BEGIN

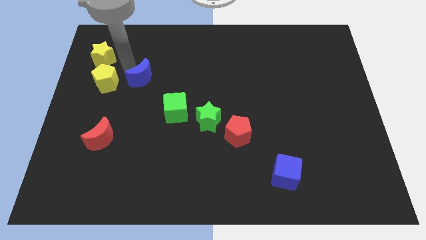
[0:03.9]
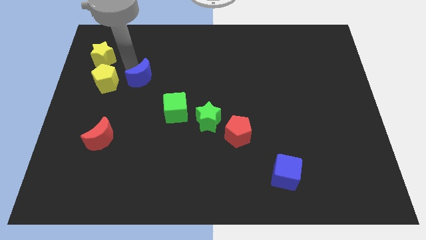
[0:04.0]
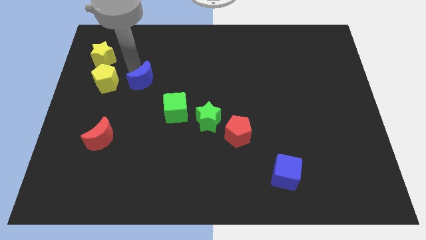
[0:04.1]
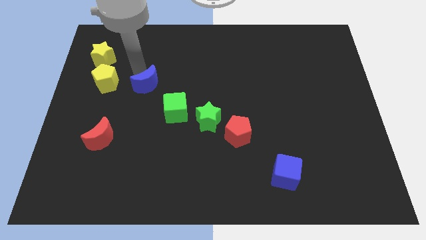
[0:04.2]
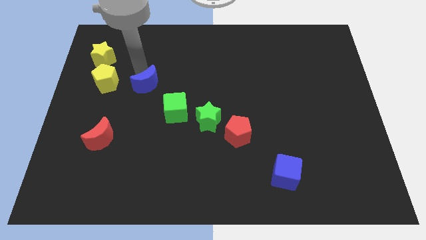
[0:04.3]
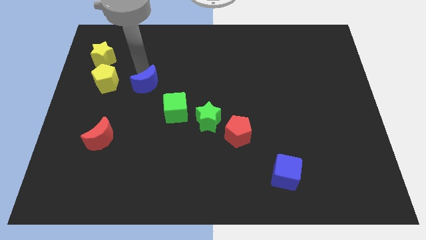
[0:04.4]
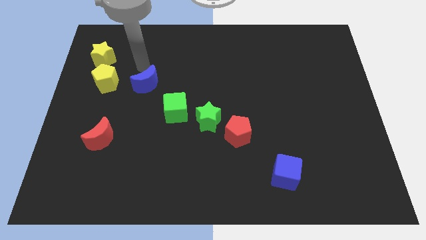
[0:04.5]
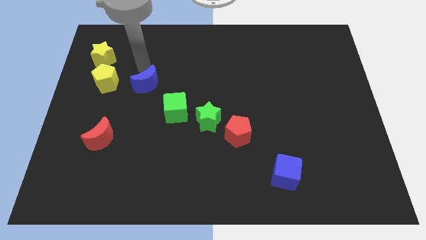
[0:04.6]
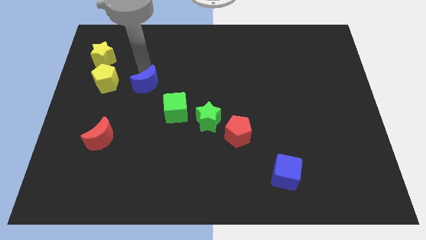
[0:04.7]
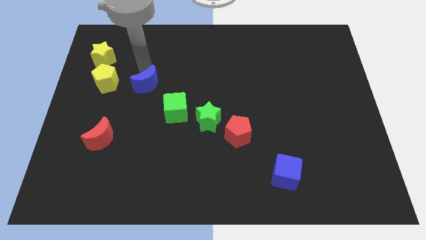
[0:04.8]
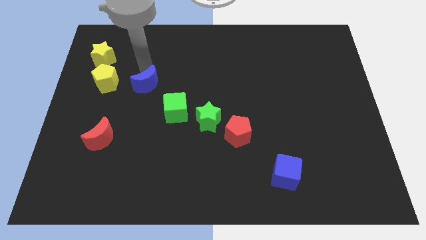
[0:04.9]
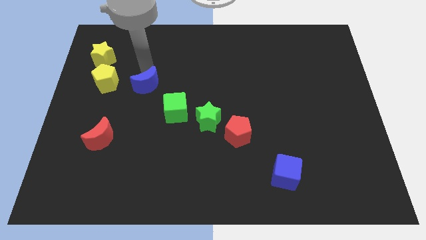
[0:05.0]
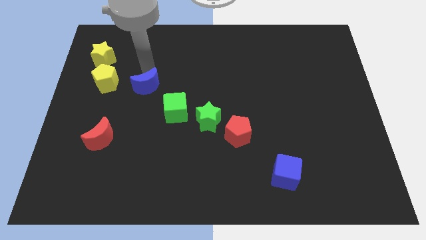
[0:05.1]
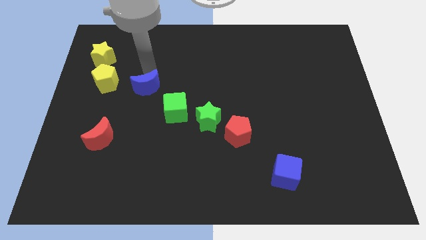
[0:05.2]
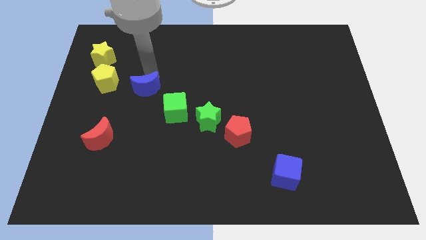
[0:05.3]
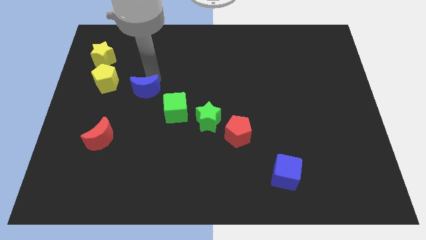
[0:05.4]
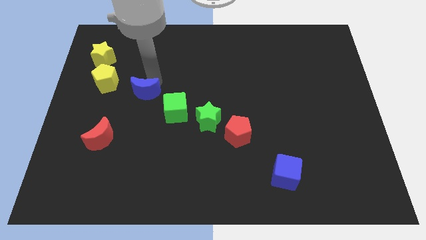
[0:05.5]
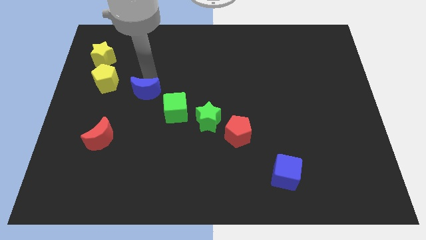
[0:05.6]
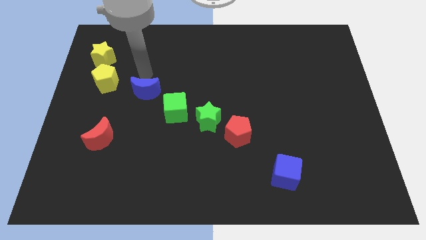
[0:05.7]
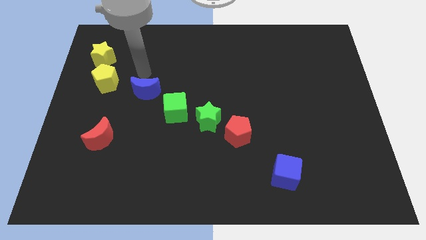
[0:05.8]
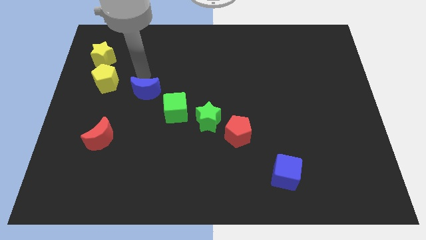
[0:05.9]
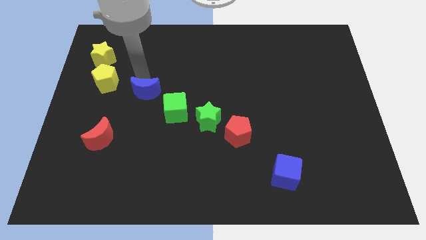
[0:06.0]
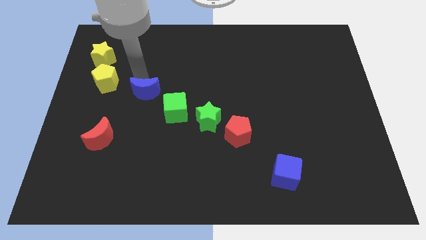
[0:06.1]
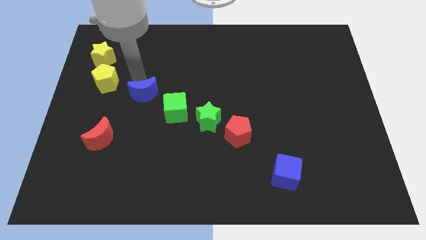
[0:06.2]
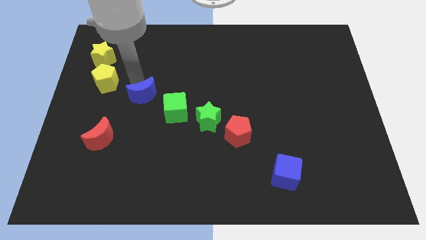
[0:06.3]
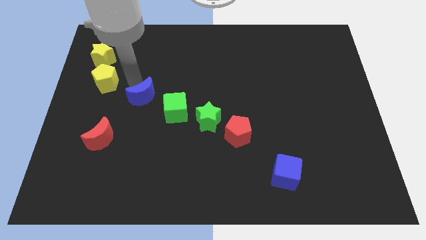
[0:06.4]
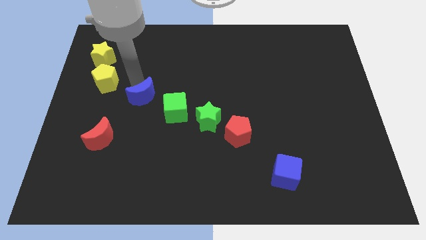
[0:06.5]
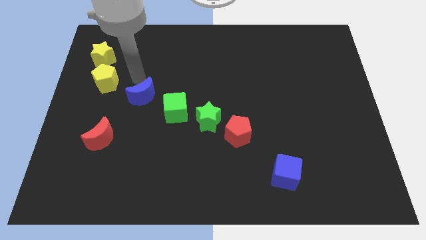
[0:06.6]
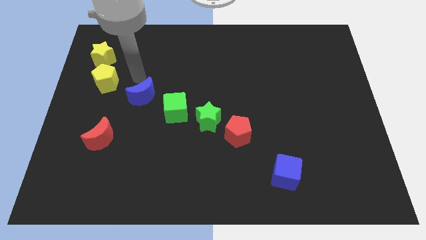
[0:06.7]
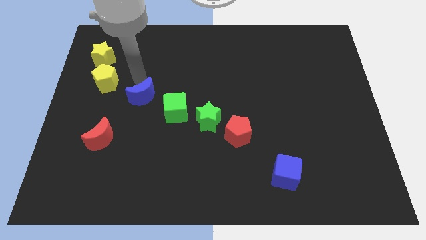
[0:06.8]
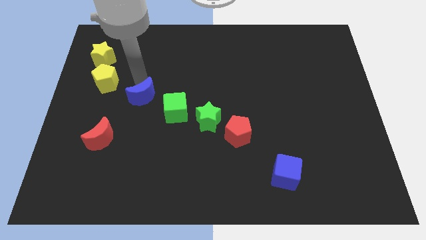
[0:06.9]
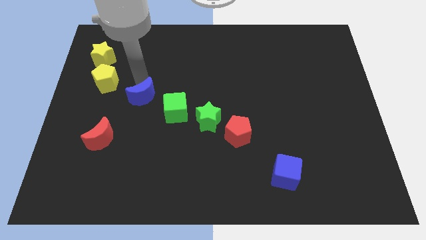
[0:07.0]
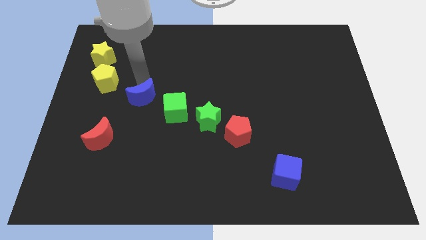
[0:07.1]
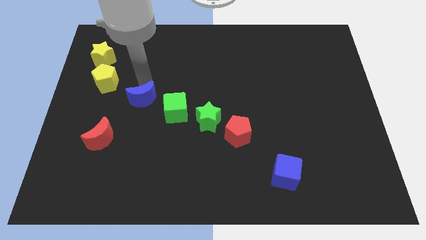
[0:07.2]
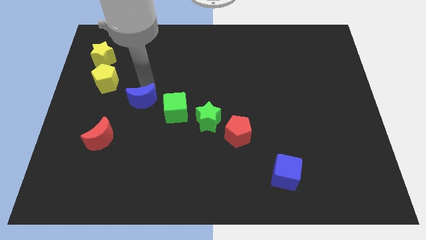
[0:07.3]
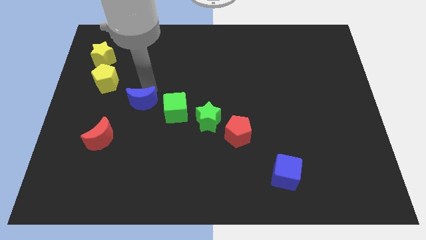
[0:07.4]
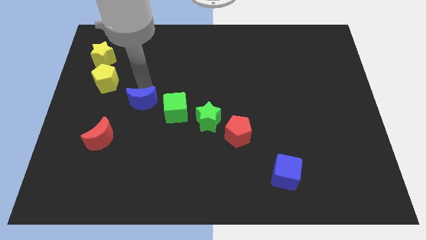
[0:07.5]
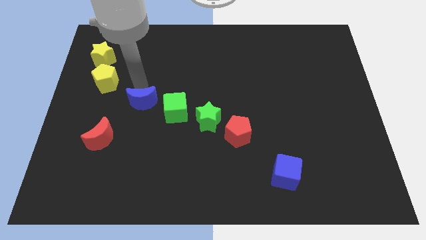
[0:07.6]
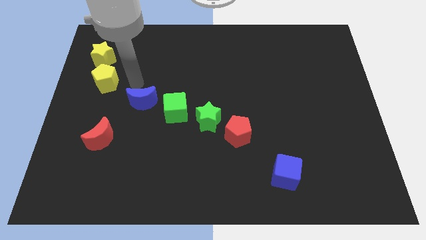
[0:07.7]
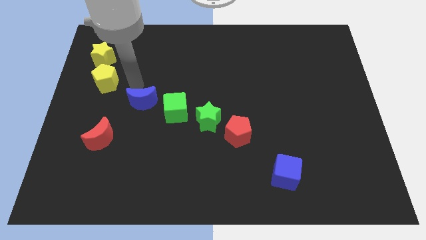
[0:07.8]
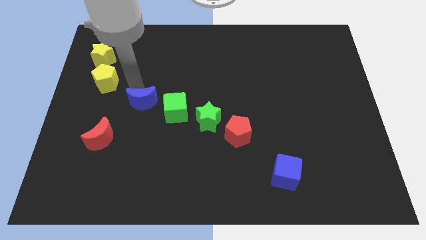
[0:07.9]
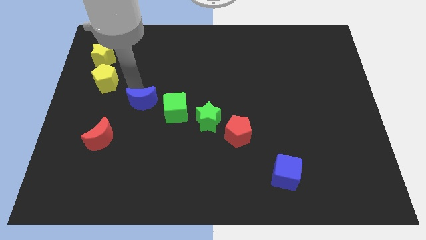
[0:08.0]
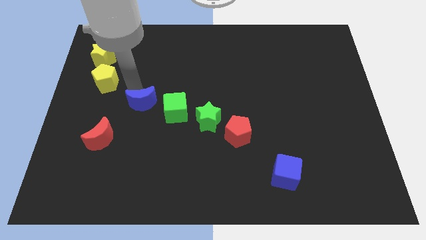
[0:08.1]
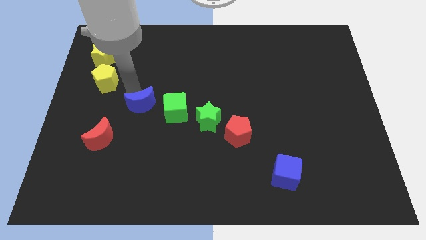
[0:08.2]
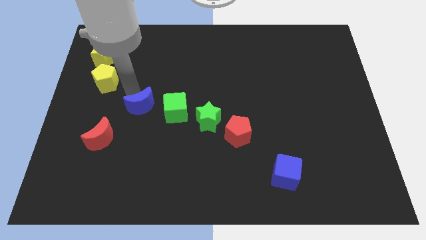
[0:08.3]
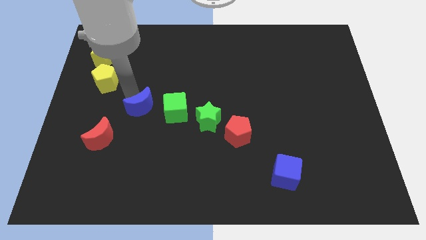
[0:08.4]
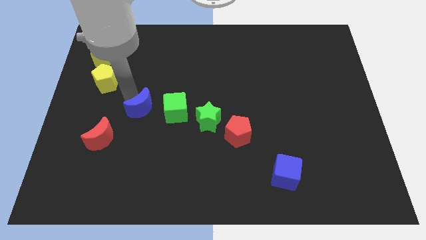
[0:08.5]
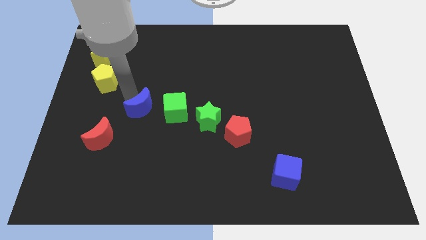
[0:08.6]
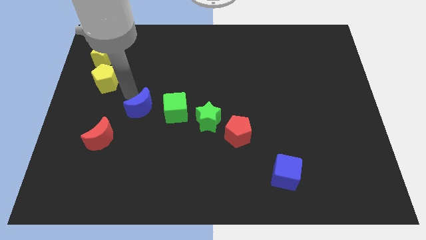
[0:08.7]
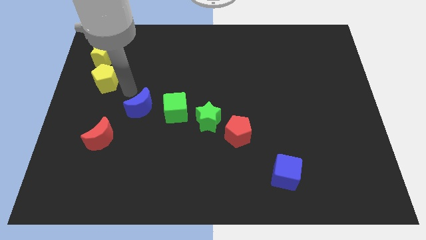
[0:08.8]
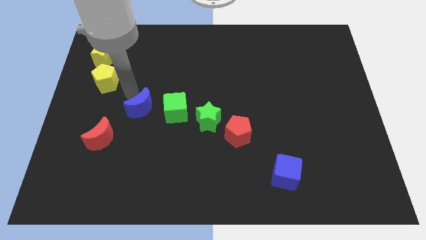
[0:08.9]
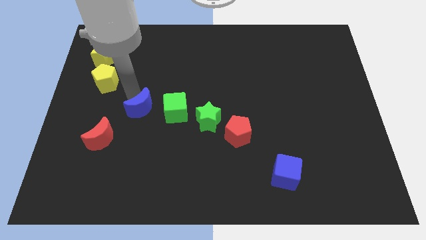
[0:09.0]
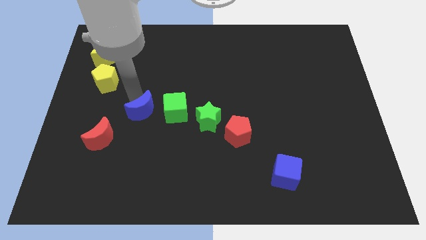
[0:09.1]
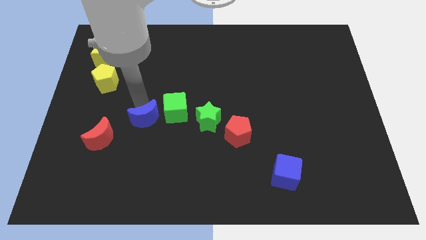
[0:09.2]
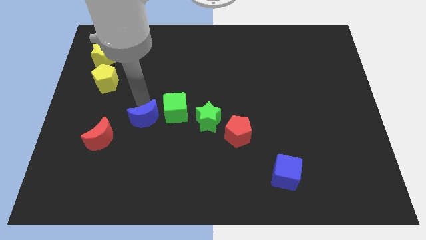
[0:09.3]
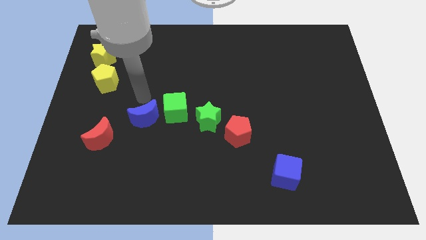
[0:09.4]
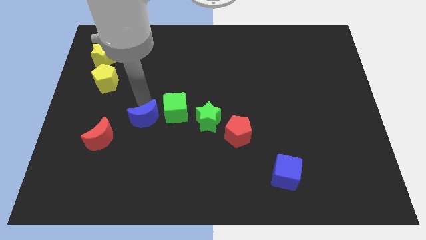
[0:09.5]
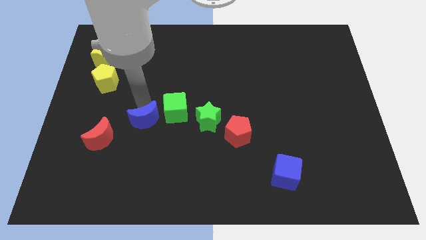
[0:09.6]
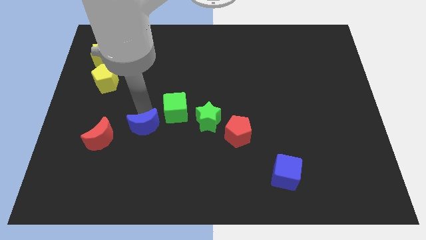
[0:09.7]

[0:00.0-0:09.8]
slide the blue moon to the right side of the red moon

END

# TASK BRIEF:
Please retype the material above exactly, and omit its images.

# RESULT FOR THIS TASK:
[0:03.9]
[0:04.0]
[0:04.1]
[0:04.2]
[0:04.3]
[0:04.4]
[0:04.5]
[0:04.6]
[0:04.7]
[0:04.8]
[0:04.9]
[0:05.0]
[0:05.1]
[0:05.2]
[0:05.3]
[0:05.4]
[0:05.5]
[0:05.6]
[0:05.7]
[0:05.8]
[0:05.9]
[0:06.0]
[0:06.1]
[0:06.2]
[0:06.3]
[0:06.4]
[0:06.5]
[0:06.6]
[0:06.7]
[0:06.8]
[0:06.9]
[0:07.0]
[0:07.1]
[0:07.2]
[0:07.3]
[0:07.4]
[0:07.5]
[0:07.6]
[0:07.7]
[0:07.8]
[0:07.9]
[0:08.0]
[0:08.1]
[0:08.2]
[0:08.3]
[0:08.4]
[0:08.5]
[0:08.6]
[0:08.7]
[0:08.8]
[0:08.9]
[0:09.0]
[0:09.1]
[0:09.2]
[0:09.3]
[0:09.4]
[0:09.5]
[0:09.6]
[0:09.7]

[0:00.0-0:09.8]
slide the blue moon to the right side of the red moon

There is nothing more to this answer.